Pca: CPU monitoring


I tried to run the pca function on different size of dataset (“pca_eigenvalues, pca_scores, _ = hl.hwe_normalized_pca(vds.GT, k = 2)”).
These are the results with a machine with 64 CPU and 416 GB of memory:

  • for 77 000 variants: 1min46s (used 4% of CPU)
  • for 2M variants: 8min50s (used 30% of CPU)
  • for 6M variants: more than 2 hours (used 30% of CPU)

I didn’t run any other job at the same time. Why does not this function use all the CPU?



how many partitions does the dataset have?

Hail’s PCA uses an algorithm inside Spark’s MLLib that is extremely sensitive to partitioning. You should have 100 partitions or fewer in this case.

Spark has a lot of overhead, which is why you’re not seeing high CPU utilization for this iterative algorithm.

My dataset has around 230M variants and 397 partitions. I filtered the dataset to estimate the time of the pca with all the SNP. I don’t know how many partitions for each filter. Is there a way to retrieve this information?

CPU usage may also be limited at 50% if the cores are virtual (on GCP, a 64 core machine has 32 physical hyperthreaded cores) and the underlying BLAS natives are more efficient without hyperthreading. For example, most NumPy linear algebra routines with MKL top out at 50% CPU, see the best reply here:

Filtering doesn’t change the number of partitions, it just removes variants from each partition. To change the number of partitions, you’d use the repartition command. I’m curious, how many samples do you have?

around 2000 samples

This PCA function runs 3 spark jobs and the job number 3 (treeAggregate at RowMatrix.scala:93) runs several tasks several times. For example:

  • for 77 000 variants, 1 task x 112 times,
  • for 2M variants, 8 tasks x 61 times,
  • for 6M variants, 15 tasks x 31 times
  1. Does this depend on the partitions?

  2. How are the partitions working?
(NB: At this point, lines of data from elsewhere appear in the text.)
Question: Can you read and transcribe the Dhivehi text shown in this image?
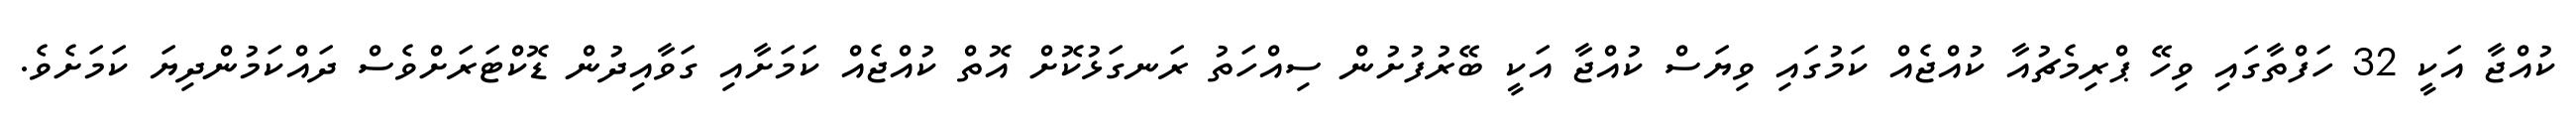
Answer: ކުއްޖާ އަކީ 32 ހަފްތާގައި ވިހޭ ޕްރިމެޗުއާ ކުއްޖެއް ކަމުގައި ވިޔަސް ކުއްޖާ އަކީ ބޭރުފުށުން ސިއްހަތު ރަނގަޅުކޮށް އޮތް ކުއްޖެއް ކަމަށާއި ގަވާއިދުން ޑޮކްޓަރަށްވެސް ދައްކަމުންދިޔަ ކަމަށެވެ.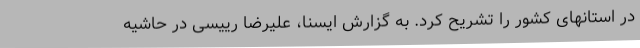
در استانهای کشور را تشریح کرد. به گزارش ایسنا، علیرضا رییسی در حاشیه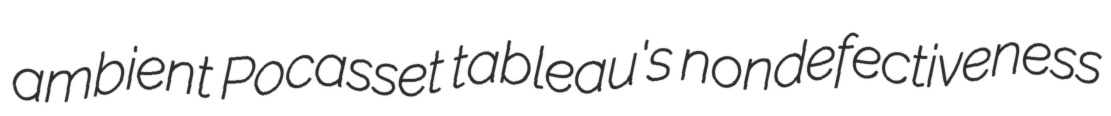
ambient Pocasset tableau's nondefectiveness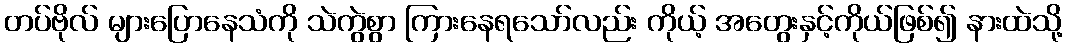
တပ်ဗိုလ် များပြောနေသံကို သဲကွဲစွာ ကြားနေရသော်လည်း ကိုယ့် အတွေးနှင့်ကိုယ်ဖြစ်၍ နားထဲသို့

Is it several files with all the samples (columns) but only some variants (rows)?

  1. Yes, you’ll likely find that PCA runs much faster if you repartition after filtering, e.g. mt = mt.repartition(100). This does a shuffle to “consolidate” the filtered dataset, so there’s no need to scan past filtered records on each iteration of the PCA algorithm. I think PCA is taking so long because each iteration is still reading through all 230M variants even though it ignores nearly all of them.
  2. Yes, each partition is a region of variants across all samples.
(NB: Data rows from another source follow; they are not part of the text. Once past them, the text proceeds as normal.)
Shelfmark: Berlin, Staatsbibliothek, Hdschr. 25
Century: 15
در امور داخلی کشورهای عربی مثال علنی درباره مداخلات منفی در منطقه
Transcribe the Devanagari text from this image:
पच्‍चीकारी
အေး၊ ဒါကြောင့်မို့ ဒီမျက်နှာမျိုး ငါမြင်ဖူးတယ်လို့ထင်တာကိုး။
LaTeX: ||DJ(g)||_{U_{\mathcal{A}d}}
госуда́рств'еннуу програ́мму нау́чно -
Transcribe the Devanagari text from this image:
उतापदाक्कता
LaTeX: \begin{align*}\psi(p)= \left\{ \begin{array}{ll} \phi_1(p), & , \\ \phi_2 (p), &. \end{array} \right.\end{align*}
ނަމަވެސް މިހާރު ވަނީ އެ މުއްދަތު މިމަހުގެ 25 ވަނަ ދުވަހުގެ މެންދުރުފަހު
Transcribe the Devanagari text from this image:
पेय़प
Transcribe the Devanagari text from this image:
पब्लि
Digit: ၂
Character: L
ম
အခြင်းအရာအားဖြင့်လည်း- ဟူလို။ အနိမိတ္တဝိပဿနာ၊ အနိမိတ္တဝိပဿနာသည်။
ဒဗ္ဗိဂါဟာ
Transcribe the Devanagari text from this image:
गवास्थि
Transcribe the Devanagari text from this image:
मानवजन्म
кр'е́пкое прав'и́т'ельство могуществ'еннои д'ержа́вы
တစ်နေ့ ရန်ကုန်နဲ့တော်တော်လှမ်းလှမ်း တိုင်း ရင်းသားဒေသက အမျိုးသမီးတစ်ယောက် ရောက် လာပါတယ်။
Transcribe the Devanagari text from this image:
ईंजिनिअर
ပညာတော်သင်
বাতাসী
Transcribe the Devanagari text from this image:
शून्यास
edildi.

Thanks! I will try mt.repartition.
Do you think that the size of the dataset should be an issue to run the PCA on all the variants? I am doing these filter to estimate the time of the PCA on all the dataset.
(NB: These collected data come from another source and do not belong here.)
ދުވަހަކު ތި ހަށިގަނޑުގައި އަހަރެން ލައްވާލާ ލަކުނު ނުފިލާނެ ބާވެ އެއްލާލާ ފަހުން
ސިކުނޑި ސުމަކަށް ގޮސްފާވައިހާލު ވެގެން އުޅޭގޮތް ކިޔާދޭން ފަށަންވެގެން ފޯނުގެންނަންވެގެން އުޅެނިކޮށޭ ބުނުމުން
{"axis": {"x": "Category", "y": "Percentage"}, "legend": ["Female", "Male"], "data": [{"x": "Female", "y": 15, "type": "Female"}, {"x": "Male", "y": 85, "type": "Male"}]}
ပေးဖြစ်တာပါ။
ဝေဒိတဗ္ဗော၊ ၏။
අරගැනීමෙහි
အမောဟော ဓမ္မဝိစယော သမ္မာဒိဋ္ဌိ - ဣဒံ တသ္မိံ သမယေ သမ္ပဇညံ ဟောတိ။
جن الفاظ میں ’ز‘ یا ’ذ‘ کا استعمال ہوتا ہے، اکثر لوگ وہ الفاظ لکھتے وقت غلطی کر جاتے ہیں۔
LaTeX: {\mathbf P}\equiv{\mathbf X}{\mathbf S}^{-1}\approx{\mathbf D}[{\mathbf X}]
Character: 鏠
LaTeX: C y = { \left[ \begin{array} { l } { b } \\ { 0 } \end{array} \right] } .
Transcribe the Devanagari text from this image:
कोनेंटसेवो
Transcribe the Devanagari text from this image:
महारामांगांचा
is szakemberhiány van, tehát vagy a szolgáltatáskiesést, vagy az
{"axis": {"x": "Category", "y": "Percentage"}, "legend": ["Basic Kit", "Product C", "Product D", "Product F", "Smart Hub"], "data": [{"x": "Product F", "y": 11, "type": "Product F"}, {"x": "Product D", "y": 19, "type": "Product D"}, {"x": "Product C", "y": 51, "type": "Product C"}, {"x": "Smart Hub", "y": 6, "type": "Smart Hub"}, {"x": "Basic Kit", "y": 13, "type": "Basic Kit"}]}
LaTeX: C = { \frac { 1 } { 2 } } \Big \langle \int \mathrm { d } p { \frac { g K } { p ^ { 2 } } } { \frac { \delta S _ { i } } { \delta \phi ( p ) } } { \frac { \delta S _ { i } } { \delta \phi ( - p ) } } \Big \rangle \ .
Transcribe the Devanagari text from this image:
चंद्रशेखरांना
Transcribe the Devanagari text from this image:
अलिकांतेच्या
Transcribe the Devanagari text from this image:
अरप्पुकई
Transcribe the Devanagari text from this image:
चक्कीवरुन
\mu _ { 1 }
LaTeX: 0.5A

Direct answer to your first question (which I now see didn’t ask about timing).

It’s hard to say how the number of iterations before convergence depends on the number of variants, but apparently fewer iterations are required with more variants. I think more variants results in more nodes in the treeAggregate, which corresponds to more tasks per iteration.
Neither of these should depend on the number of partitions.

Curious, why would you want to run PCA on the whole dataset? And how many PCs would you like?